1971 book by Lois Duncan

Hotel for Dogs (1971) is a children's novel by Lois Duncan. It was adapted into a film of the same name by Nickelodeon Movies for DreamWorks Pictures, released on January 16, 2009. When the book was originally released in 1971, Andi's name was Liz, and Friday's name was Sadie. To promote the film adaptation, the book was re-released on December 1, 2008 with various changes and modernization, such as Mrs. Walker, Andi's mother, revised to being a schoolteacher instead of a housewife.

Two sequels were released: News for Dogs in 2009 and Movie for Dogs in 2010.

==Plot==

Andrea "Andi" Walker is a girl who was forced to temporarily move to her animal-allergic great-aunt Alice's house, leaving her dog Bebe in the care of another family. Shortly after the move, she finds a stranded dog and wishes to keep her. Andi's mother vetoes this idea. Along with her older brother Bruce, she keeps the dog, who she names Friday, and her pups in an abandoned house across the street.

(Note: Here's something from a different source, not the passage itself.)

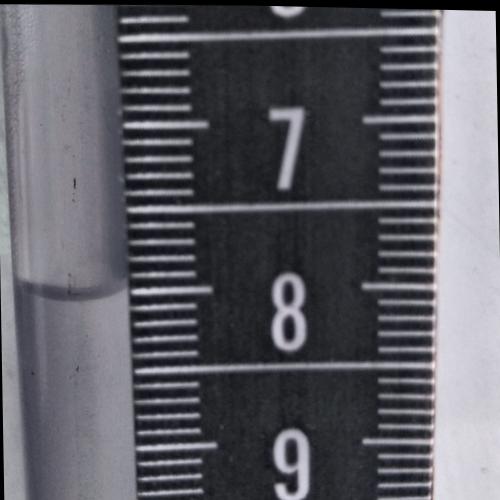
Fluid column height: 8.0 cm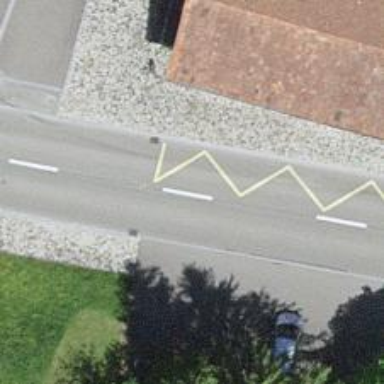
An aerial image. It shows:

After a while, Andi and Bruce allow in many more dogs, including Red Rover, an Irish Setter that ran away from his abusive owner, Jerry Gordon, Aunt Alice's neighbor who hides his abusive behavior. In the end, their expenses overwhelm them, and they are discovered by their father, mother, and aunt. Jerry's wickedness is revealed to his ignorant father, prompting him to sell Red Rover.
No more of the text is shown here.